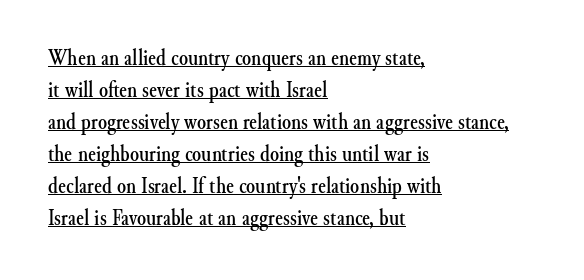
Summary of vertical rhythm: regular, with standard interline spacing. Compared with typical body copy, the letter spacing here is the same. Rendered with straight, roman letterforms. The rag falls on the right side of this text block.
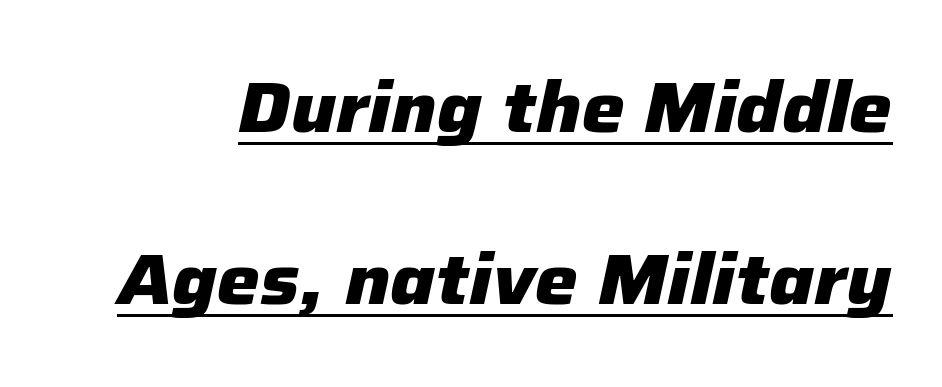
The image shows 72 px heavy type, italic (leaning right); set loose line spacing (2.39x), normal letter spacing, underlined; low stroke contrast and a medium x-height.
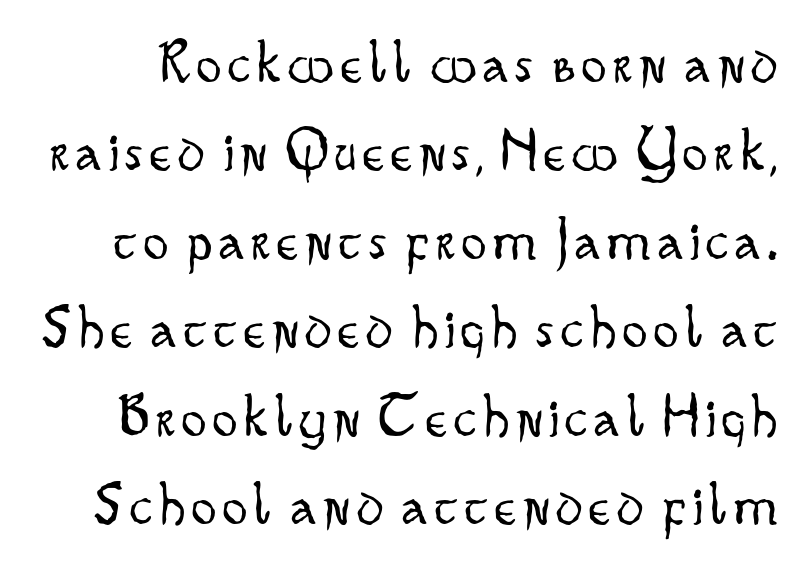
The image shows 61 px light, condensed sans-serif type, upright; set normal line spacing (1.45x), not underlined; low stroke contrast and a small x-height.
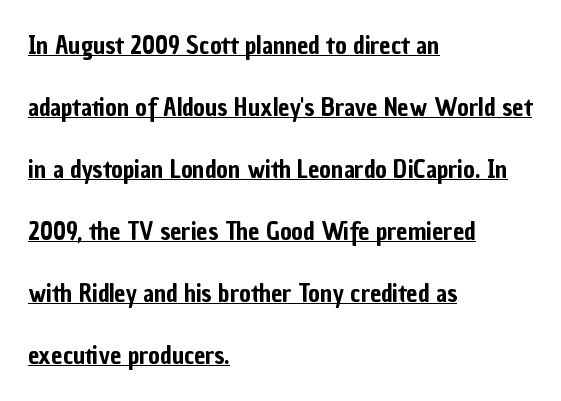
Successive baselines arrive slowly, with a big drop between each. Which margin do the lines hug? The left one — the right edge is uneven. A typographer would call this underscored text. The font's upright variant was chosen for this text. The face used here is rendered with its standard letterfit.
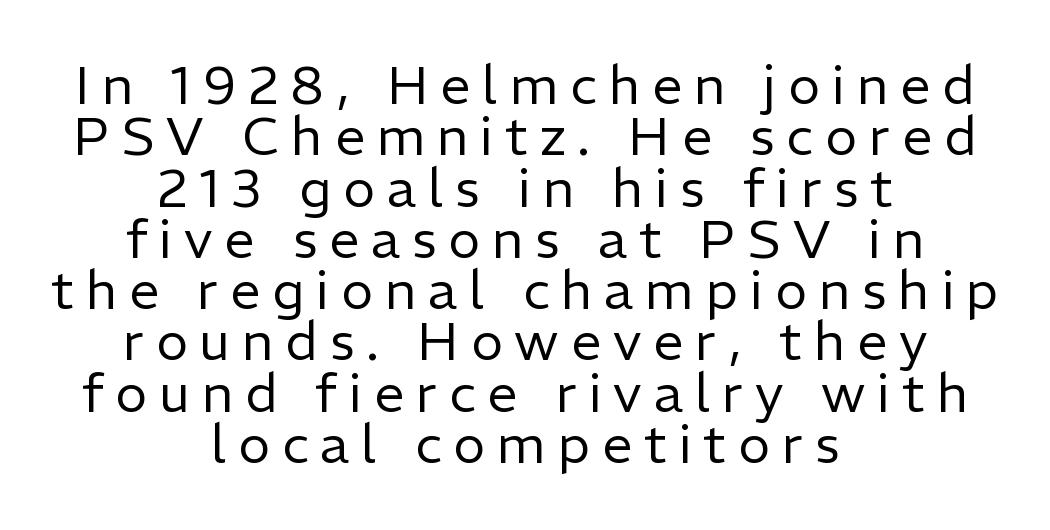
The image shows 54 px regular-weight sans-serif type, upright; set centered, tight line spacing (0.95x), unusually wide letter spacing (+0.22 em), not underlined; low stroke contrast and a medium x-height.
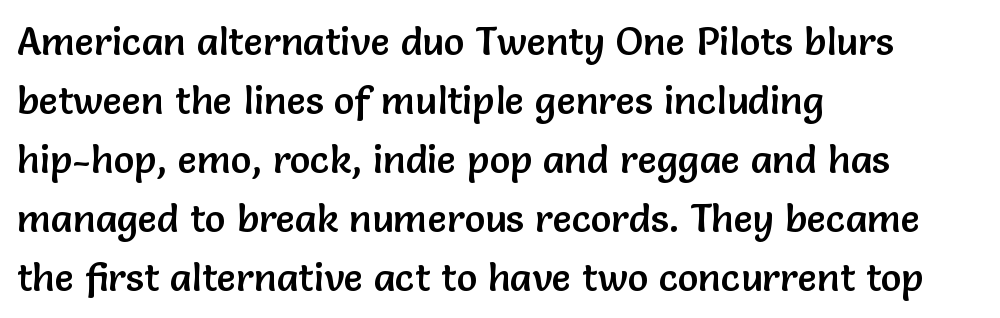
The image shows 39 px sans-serif type, upright; set left-aligned, normal line spacing (1.51x), normal letter spacing, not underlined; low stroke contrast and a medium x-height.
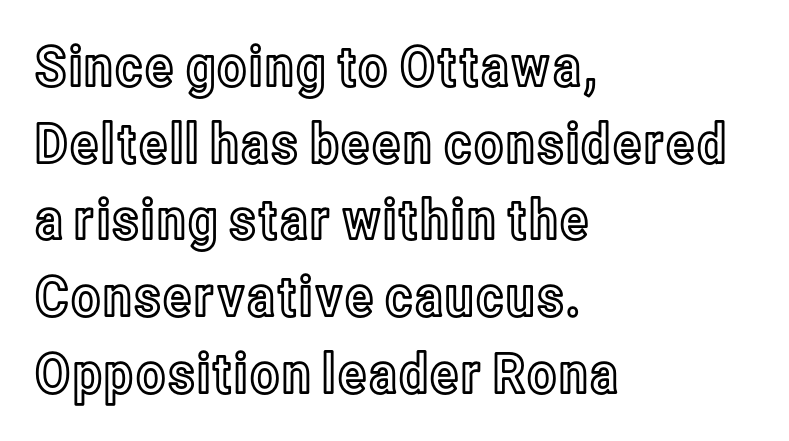
{"italic": "no", "width": "condensed", "x_height": "medium", "monospaced": "no", "underline": "no", "align": "left", "line_spacing": "normal", "line_spacing_ratio": 1.37, "letter_spacing": "normal", "letter_spacing_em": 0.0, "glyph_px": 56}
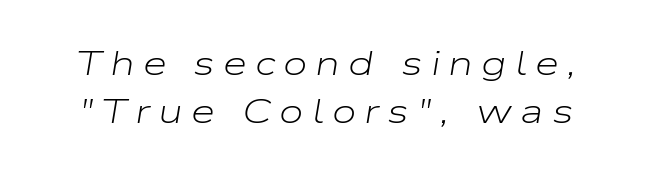
The font's italic variant was chosen for this text. Descenders are the only things crossing below the line. Does the leading feel generous? No, just average. A typesetter would call this heavily tracked-out type. A light-to-regular cut is what we see here.
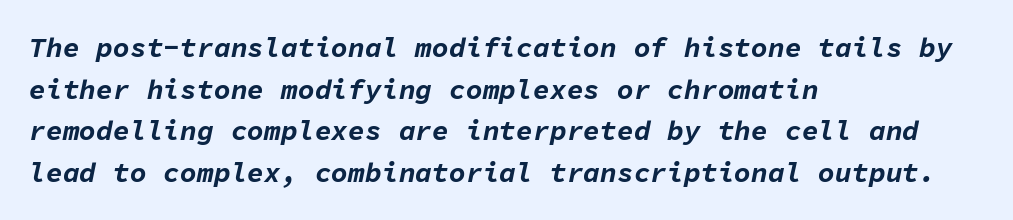
The image shows 28 px bold type, italic (leaning right), monospaced; set left-aligned, normal line spacing (1.49x), normal letter spacing, not underlined; low stroke contrast and a medium x-height.
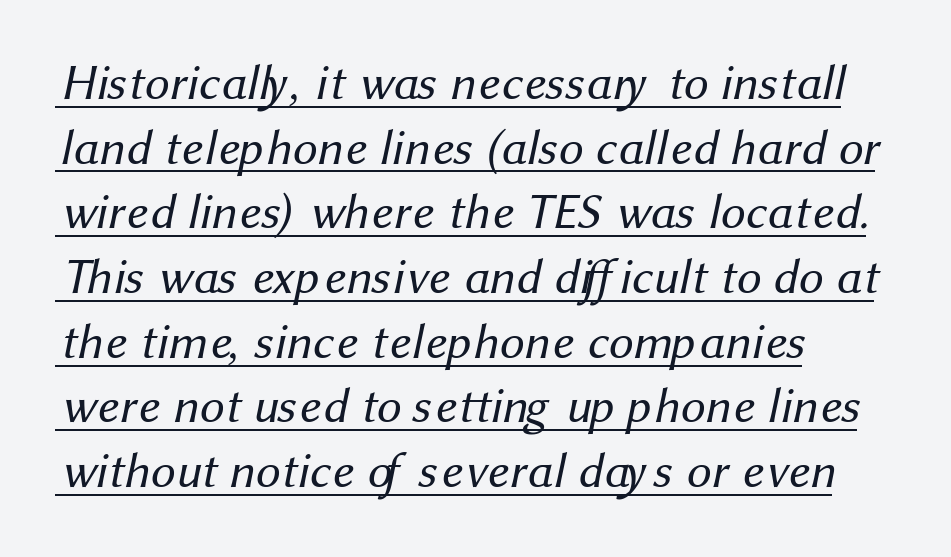
Each line starts at the same left margin while the right side varies. Rows of type keep a routine distance in the vertical direction. The font is comparable to plain body text, perhaps lighter. Note: no serifs on the glyphs.
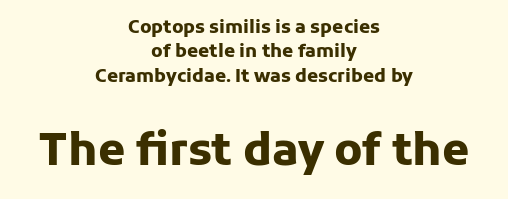
A normal amount of white space separates one row of letters from the next. Honestly, the letter spacing is just normal — you wouldn't notice it. This is roman type, the default non-slanted kind. If you squint, the bottom block still reads clearly — it's the larger of the two.
----
**Work request**
The whole listing should be restated word for word, with no pictures.

**Expected output**
Summary of vertical rhythm: regular, with standard interline spacing. Compared with typical body copy, the letter spacing here is the same. Rendered with straight, roman letterforms. The rag falls on the right side of this text block.
The image shows 72 px heavy type, italic (leaning right); set loose line spacing (2.39x), normal letter spacing, underlined; low stroke contrast and a medium x-height.
The image shows 61 px light, condensed sans-serif type, upright; set normal line spacing (1.45x), not underlined; low stroke contrast and a small x-height.
Successive baselines arrive slowly, with a big drop between each. Which margin do the lines hug? The left one — the right edge is uneven. A typographer would call this underscored text. The font's upright variant was chosen for this text. The face used here is rendered with its standard letterfit.
The image shows 54 px regular-weight sans-serif type, upright; set centered, tight line spacing (0.95x), unusually wide letter spacing (+0.22 em), not underlined; low stroke contrast and a medium x-height.
The image shows 39 px sans-serif type, upright; set left-aligned, normal line spacing (1.51x), normal letter spacing, not underlined; low stroke contrast and a medium x-height.
{"italic": "no", "width": "condensed", "x_height": "medium", "monospaced": "no", "underline": "no", "align": "left", "line_spacing": "normal", "line_spacing_ratio": 1.37, "letter_spacing": "normal", "letter_spacing_em": 0.0, "glyph_px": 56}
The font's italic variant was chosen for this text. Descenders are the only things crossing below the line. Does the leading feel generous? No, just average. A typesetter would call this heavily tracked-out type. A light-to-regular cut is what we see here.
The image shows 28 px bold type, italic (leaning right), monospaced; set left-aligned, normal line spacing (1.49x), normal letter spacing, not underlined; low stroke contrast and a medium x-height.
Each line starts at the same left margin while the right side varies. Rows of type keep a routine distance in the vertical direction. The font is comparable to plain body text, perhaps lighter. Note: no serifs on the glyphs.
A normal amount of white space separates one row of letters from the next. Honestly, the letter spacing is just normal — you wouldn't notice it. This is roman type, the default non-slanted kind. If you squint, the bottom block still reads clearly — it's the larger of the two.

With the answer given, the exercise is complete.